• _EXERCISE_:
The line with "hfov_deg=71.5. Metres; depth", the line with "I drew the box [46,95,91,101]. Around what?", and all lines between them in the material below: return these exactly, and no others.

SUPPLIED DATA below:

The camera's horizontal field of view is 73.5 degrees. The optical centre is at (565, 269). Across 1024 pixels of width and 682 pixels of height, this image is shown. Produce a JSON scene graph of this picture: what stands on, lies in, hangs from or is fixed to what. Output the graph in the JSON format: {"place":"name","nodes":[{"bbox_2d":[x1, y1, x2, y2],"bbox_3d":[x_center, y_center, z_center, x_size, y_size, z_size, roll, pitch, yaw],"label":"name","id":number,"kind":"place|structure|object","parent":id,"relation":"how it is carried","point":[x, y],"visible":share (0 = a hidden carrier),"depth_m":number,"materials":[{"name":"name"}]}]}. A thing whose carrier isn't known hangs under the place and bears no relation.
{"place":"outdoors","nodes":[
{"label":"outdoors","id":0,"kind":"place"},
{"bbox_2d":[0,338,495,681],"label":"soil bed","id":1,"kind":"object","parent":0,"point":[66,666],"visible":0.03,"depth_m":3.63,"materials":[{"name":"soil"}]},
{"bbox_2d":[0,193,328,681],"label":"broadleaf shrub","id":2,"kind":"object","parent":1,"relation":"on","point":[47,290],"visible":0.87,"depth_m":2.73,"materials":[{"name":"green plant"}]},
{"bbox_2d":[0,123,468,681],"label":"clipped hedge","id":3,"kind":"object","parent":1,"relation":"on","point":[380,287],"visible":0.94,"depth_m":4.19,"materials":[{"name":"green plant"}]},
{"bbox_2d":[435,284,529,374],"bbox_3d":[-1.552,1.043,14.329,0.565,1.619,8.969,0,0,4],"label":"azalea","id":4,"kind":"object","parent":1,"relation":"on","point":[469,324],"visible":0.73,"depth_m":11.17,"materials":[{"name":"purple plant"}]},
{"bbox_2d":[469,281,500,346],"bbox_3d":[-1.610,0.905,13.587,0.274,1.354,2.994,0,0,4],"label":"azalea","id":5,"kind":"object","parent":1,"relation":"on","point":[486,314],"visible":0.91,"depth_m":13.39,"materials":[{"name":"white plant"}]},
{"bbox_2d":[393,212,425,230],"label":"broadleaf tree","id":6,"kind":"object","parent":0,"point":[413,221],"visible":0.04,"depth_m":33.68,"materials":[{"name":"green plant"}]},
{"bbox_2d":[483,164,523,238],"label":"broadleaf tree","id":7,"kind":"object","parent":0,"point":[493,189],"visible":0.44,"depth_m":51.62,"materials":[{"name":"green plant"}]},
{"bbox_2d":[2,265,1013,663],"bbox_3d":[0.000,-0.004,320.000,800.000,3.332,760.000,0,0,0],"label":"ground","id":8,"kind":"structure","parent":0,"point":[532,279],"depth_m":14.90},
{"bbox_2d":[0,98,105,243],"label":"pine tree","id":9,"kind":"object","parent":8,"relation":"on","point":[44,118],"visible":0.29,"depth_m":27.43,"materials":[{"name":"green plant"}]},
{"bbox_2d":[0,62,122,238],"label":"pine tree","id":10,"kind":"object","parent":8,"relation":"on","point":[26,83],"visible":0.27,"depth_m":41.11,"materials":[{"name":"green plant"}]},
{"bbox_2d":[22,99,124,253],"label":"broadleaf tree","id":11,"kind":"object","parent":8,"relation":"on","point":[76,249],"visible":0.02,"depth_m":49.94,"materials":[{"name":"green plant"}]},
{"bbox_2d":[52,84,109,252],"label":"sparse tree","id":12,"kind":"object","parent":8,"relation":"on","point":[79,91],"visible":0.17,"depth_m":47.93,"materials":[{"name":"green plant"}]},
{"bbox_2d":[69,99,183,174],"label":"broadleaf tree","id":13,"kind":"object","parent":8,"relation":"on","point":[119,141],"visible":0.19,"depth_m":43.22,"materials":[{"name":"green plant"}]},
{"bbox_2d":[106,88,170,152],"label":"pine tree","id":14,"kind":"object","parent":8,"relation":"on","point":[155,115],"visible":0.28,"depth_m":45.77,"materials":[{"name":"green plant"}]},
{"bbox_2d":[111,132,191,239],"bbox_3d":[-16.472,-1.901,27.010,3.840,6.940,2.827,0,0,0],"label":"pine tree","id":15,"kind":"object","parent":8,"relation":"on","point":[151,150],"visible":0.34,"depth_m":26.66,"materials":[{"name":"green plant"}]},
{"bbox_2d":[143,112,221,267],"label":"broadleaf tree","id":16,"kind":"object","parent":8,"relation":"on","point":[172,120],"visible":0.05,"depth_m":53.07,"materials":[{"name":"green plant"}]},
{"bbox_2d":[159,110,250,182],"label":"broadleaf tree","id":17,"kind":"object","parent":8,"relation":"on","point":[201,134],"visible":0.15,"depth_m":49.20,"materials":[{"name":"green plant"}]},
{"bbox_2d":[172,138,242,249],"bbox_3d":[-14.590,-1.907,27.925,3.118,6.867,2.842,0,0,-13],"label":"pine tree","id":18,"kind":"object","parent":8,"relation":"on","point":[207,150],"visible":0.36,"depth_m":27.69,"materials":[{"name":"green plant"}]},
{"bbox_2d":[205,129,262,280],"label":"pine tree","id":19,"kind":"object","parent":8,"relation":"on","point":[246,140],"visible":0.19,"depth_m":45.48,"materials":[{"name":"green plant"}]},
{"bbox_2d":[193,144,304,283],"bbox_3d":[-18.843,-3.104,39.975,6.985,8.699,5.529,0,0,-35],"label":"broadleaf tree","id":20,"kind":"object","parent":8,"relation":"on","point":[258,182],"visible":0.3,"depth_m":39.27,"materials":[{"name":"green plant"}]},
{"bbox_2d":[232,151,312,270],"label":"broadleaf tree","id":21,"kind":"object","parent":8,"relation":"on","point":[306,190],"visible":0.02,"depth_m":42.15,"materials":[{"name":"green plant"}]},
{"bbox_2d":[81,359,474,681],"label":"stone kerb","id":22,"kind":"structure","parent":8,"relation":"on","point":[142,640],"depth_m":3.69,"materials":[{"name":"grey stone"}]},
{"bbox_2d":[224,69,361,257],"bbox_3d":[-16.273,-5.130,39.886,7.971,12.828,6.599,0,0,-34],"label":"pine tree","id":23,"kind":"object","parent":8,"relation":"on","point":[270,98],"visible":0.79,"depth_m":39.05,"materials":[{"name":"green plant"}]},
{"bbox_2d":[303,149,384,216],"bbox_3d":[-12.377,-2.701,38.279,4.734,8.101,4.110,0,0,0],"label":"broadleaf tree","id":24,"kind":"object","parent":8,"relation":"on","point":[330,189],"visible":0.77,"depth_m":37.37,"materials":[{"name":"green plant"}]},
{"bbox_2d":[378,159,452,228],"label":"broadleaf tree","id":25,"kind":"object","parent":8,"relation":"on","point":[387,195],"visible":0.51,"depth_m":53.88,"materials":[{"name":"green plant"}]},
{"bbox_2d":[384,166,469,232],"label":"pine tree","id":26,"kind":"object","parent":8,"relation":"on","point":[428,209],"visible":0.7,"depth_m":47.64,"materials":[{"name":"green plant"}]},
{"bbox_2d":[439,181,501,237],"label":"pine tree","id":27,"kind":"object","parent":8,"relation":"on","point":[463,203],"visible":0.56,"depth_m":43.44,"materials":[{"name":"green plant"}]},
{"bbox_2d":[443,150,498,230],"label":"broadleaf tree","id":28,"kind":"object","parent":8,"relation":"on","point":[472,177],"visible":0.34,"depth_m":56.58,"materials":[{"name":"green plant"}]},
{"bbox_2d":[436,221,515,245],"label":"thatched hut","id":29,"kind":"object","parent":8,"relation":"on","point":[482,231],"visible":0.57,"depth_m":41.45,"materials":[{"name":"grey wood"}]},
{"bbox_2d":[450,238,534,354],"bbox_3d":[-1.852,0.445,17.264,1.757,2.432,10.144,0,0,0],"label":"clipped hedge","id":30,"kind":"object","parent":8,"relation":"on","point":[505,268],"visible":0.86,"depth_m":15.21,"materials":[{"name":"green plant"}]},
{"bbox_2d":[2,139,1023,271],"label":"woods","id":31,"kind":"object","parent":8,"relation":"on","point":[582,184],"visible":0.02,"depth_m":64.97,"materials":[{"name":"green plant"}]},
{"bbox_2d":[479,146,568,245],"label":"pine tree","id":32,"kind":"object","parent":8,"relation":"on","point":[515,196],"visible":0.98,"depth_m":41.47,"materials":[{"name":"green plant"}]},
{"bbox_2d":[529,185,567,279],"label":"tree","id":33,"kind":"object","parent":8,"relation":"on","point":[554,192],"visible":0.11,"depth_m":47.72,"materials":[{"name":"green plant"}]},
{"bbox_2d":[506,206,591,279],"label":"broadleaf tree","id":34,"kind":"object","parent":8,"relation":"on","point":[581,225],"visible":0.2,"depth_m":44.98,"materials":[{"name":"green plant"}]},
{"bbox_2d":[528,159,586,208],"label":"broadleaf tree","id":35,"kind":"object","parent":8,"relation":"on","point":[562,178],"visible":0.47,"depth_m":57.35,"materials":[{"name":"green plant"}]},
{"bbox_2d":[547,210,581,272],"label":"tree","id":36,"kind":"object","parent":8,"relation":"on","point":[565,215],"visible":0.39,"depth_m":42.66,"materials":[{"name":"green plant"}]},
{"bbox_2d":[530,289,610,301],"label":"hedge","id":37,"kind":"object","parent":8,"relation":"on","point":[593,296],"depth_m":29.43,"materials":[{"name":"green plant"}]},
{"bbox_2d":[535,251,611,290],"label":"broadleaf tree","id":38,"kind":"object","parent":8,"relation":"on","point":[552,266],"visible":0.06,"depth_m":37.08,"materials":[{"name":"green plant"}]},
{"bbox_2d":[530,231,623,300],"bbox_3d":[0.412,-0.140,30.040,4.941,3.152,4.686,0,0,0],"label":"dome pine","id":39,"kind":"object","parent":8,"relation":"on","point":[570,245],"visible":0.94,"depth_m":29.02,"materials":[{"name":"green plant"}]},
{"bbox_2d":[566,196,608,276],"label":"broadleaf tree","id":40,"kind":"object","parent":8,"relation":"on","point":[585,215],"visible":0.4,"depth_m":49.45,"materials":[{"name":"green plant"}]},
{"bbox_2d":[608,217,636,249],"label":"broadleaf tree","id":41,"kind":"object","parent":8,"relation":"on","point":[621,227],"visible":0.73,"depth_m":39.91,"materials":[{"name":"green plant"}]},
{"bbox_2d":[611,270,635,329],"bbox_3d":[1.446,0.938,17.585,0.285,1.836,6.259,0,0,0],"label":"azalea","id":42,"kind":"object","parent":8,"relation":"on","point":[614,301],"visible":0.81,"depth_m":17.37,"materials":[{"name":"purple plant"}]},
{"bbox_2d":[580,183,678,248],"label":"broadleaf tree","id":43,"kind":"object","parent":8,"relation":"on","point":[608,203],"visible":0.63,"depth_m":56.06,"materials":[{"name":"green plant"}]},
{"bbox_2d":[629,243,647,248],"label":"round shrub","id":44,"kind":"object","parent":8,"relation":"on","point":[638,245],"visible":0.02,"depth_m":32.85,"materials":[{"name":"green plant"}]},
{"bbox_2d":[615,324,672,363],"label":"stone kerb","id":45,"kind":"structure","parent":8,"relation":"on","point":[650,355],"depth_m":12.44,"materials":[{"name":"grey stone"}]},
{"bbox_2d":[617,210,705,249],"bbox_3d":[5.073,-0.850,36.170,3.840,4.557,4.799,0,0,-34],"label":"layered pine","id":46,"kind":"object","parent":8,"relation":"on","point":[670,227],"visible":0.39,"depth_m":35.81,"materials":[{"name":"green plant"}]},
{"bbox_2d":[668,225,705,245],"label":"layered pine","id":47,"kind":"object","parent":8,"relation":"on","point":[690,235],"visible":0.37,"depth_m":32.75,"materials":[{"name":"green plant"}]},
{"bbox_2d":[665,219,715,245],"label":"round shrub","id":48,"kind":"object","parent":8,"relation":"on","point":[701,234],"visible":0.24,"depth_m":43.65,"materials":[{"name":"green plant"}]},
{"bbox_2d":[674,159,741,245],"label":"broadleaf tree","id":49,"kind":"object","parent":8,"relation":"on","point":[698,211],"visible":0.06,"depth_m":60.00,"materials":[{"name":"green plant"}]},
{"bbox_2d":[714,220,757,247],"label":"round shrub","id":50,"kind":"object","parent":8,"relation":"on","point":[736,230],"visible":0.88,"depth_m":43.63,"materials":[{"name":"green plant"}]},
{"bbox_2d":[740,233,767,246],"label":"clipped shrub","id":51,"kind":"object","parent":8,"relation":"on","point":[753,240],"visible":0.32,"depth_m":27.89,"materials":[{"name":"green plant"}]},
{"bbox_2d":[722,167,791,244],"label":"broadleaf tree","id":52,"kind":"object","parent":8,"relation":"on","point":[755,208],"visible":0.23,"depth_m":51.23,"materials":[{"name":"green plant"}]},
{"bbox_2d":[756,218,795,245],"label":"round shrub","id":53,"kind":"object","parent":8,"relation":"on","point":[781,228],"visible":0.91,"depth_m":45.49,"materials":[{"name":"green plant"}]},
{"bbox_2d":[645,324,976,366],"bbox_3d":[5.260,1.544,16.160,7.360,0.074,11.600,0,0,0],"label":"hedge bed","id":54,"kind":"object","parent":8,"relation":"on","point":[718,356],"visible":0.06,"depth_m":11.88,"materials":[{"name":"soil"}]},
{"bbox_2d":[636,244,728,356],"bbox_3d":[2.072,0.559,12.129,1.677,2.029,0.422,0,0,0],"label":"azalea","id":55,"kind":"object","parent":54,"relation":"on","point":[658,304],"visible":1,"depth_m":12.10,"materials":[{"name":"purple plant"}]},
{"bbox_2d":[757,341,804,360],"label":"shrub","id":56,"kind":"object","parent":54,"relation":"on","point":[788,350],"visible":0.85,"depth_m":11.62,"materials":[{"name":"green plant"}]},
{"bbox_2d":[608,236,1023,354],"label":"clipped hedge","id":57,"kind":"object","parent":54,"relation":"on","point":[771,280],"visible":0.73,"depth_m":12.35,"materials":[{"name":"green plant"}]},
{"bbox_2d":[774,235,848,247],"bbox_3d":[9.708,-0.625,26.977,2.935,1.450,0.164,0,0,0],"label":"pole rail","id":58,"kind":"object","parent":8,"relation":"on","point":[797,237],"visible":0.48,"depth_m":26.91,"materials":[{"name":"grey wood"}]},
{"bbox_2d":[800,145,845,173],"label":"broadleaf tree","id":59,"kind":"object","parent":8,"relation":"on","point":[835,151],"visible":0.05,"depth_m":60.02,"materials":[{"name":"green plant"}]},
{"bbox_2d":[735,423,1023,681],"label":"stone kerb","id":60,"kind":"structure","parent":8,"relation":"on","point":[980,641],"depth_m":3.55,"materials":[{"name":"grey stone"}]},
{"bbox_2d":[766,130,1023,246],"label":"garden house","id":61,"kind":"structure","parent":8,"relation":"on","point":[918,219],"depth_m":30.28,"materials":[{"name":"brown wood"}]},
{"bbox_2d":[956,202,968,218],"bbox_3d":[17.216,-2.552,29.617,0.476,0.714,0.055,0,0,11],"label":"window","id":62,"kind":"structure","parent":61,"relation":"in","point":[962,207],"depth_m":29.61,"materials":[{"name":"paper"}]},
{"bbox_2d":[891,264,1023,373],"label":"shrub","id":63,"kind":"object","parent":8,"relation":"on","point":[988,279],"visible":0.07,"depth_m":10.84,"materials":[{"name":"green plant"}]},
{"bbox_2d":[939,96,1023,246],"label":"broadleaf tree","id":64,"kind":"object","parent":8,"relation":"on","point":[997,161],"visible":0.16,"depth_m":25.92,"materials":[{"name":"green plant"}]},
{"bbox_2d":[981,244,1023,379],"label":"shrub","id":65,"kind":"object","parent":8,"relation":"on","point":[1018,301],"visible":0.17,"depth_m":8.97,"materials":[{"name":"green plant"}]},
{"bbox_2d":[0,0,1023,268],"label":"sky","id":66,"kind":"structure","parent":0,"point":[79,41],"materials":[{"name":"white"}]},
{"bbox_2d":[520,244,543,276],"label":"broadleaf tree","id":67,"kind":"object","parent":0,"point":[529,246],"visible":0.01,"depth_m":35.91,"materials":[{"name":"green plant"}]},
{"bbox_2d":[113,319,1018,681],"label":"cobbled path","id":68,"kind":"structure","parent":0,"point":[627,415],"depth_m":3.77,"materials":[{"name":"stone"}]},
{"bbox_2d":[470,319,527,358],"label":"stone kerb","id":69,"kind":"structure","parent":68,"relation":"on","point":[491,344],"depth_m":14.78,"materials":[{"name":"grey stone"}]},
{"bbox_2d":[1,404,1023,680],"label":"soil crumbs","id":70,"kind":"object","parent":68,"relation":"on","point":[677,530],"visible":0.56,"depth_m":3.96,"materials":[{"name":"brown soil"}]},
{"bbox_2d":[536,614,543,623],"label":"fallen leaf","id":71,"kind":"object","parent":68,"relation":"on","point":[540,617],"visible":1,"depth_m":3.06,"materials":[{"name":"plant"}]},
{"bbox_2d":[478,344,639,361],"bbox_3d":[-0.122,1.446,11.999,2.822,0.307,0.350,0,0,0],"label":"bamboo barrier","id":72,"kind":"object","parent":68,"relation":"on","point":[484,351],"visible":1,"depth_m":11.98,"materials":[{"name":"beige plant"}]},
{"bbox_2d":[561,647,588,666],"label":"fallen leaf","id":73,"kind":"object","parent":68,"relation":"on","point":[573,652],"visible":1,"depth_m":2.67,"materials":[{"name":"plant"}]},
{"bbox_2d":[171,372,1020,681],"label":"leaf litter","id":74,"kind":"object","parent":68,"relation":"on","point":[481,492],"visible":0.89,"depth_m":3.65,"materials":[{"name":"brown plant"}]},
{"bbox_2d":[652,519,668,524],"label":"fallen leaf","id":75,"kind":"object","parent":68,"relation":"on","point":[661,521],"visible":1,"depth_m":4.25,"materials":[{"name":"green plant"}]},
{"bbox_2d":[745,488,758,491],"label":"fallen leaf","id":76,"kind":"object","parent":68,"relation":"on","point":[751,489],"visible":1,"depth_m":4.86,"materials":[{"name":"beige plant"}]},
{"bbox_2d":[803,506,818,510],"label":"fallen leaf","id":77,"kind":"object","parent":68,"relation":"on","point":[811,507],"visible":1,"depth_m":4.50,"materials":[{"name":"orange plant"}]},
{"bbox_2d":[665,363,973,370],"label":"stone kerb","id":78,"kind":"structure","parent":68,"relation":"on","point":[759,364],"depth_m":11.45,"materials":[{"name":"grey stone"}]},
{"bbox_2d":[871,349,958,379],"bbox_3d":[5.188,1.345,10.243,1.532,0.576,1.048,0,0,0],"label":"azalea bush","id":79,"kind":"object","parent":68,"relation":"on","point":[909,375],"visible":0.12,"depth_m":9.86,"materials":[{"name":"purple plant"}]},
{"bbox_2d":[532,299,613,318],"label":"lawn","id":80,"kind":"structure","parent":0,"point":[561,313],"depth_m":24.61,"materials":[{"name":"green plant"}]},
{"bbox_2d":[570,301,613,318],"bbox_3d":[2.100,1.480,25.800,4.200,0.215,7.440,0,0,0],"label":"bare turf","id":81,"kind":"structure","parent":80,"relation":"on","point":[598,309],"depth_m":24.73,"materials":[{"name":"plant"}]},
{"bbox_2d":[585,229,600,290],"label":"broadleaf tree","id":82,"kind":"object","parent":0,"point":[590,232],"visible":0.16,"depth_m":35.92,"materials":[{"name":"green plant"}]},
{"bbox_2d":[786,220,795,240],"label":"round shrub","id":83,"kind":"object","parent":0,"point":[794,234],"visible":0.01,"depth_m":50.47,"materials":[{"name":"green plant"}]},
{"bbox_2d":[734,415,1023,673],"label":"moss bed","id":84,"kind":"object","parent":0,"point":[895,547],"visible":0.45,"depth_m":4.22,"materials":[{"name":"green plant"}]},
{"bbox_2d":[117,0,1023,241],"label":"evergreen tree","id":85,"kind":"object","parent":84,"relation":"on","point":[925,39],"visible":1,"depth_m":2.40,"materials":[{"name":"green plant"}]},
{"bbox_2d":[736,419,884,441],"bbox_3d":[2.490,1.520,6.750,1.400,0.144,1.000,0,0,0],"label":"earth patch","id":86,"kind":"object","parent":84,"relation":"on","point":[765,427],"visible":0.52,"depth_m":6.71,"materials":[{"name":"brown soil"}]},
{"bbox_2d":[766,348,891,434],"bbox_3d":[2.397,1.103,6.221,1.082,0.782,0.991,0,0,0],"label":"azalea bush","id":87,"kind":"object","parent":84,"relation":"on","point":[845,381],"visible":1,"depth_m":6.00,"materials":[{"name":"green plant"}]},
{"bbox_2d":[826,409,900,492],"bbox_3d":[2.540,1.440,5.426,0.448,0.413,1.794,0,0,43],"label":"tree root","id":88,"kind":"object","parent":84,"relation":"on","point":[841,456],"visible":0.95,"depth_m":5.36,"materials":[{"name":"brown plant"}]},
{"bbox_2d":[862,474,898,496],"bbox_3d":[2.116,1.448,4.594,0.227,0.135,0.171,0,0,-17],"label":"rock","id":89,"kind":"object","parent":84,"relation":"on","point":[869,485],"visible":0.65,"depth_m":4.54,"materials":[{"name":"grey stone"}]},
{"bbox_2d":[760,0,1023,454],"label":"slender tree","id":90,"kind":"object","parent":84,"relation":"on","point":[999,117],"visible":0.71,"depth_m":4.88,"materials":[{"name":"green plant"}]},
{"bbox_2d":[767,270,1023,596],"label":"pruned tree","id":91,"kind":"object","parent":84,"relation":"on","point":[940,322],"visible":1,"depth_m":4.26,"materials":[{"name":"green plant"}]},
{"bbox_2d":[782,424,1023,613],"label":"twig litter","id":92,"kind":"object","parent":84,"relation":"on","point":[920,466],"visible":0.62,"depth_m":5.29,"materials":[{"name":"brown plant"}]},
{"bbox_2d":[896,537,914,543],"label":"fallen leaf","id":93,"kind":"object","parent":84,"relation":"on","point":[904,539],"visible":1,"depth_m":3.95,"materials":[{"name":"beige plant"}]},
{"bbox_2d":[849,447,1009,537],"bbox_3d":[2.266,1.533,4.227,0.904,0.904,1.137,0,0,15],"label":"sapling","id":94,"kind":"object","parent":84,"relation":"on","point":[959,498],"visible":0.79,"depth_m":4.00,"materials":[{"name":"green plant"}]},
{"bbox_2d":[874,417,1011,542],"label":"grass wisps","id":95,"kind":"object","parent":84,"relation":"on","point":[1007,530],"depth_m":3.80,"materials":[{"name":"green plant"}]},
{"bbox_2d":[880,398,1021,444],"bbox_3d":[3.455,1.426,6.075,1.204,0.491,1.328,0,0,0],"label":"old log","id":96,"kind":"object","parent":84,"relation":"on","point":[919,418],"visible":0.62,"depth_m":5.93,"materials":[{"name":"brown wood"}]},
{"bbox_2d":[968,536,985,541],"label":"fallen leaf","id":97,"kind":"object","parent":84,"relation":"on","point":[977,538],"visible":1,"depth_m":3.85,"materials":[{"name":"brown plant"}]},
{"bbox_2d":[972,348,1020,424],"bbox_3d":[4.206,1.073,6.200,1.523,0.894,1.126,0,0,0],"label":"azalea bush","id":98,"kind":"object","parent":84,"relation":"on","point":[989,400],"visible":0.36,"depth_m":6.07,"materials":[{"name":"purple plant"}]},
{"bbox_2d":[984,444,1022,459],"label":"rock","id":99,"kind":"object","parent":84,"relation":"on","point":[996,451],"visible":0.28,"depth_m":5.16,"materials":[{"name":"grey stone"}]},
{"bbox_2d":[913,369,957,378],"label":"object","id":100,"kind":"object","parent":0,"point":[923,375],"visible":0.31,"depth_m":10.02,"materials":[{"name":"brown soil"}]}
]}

End of SUPPLIED DATA.
SUPPLIED DATA below:

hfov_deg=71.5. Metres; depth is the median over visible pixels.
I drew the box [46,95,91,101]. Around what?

End of SUPPLIED DATA.

• _FINISHED EXERCISE_:
hfov_deg=71.5. Metres; depth is the median over visible pixels.
I drew the box [46,95,91,101]. Around what?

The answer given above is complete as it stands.